▸ **Collected data**:

= Beginning of Section =

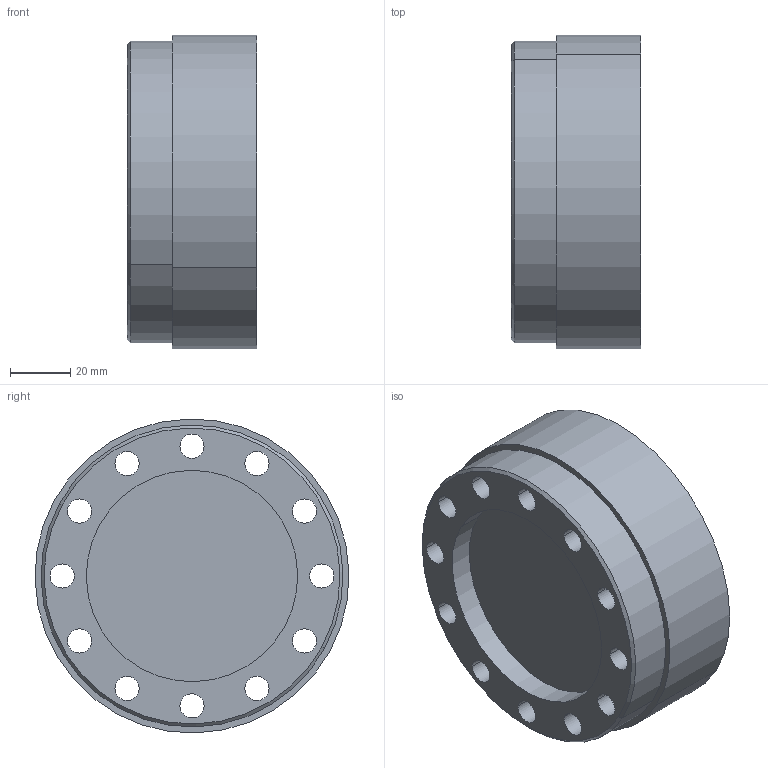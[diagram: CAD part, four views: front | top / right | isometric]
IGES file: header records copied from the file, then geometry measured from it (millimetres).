
Start section: START RECORD GO HERE.
Global section: file name: cale cardan D.igs; native system: IBM CATIA IGES - CATIA Version 5 Release 19 ; preprocessor: CATIA Version 5 Release 19 ; author: MOI; organization: CLIO; date: 20221227.135341; units: millimetre
Bounding box: 43 x 103.97 x 103.97 mm (x, y, z)
Surface area: 51999.7 mm2 (no closed solid volume)
Topology: 0 solids, 0 shells, 67 faces, 336 edges, 334 vertices
Faces by surface type: revolution 54, plane 13

= End of Section =

▸ **TASK BRIEF**: In the answer, the data should reappear exactly, with no pictures.

▸ **OUTPUT BELOW**:
[diagram: CAD part, four views: front | top / right | isometric]
IGES file: header records copied from the file, then geometry measured from it (millimetres).
Start section: START RECORD GO HERE.
Global section: file name: cale cardan D.igs; native system: IBM CATIA IGES - CATIA Version 5 Release 19 ; preprocessor: CATIA Version 5 Release 19 ; author: MOI; organization: CLIO; date: 20221227.135341; units: millimetre
Bounding box: 43 x 103.97 x 103.97 mm (x, y, z)
Surface area: 51999.7 mm2 (no closed solid volume)
Topology: 0 solids, 0 shells, 67 faces, 336 edges, 334 vertices
Faces by surface type: revolution 54, plane 13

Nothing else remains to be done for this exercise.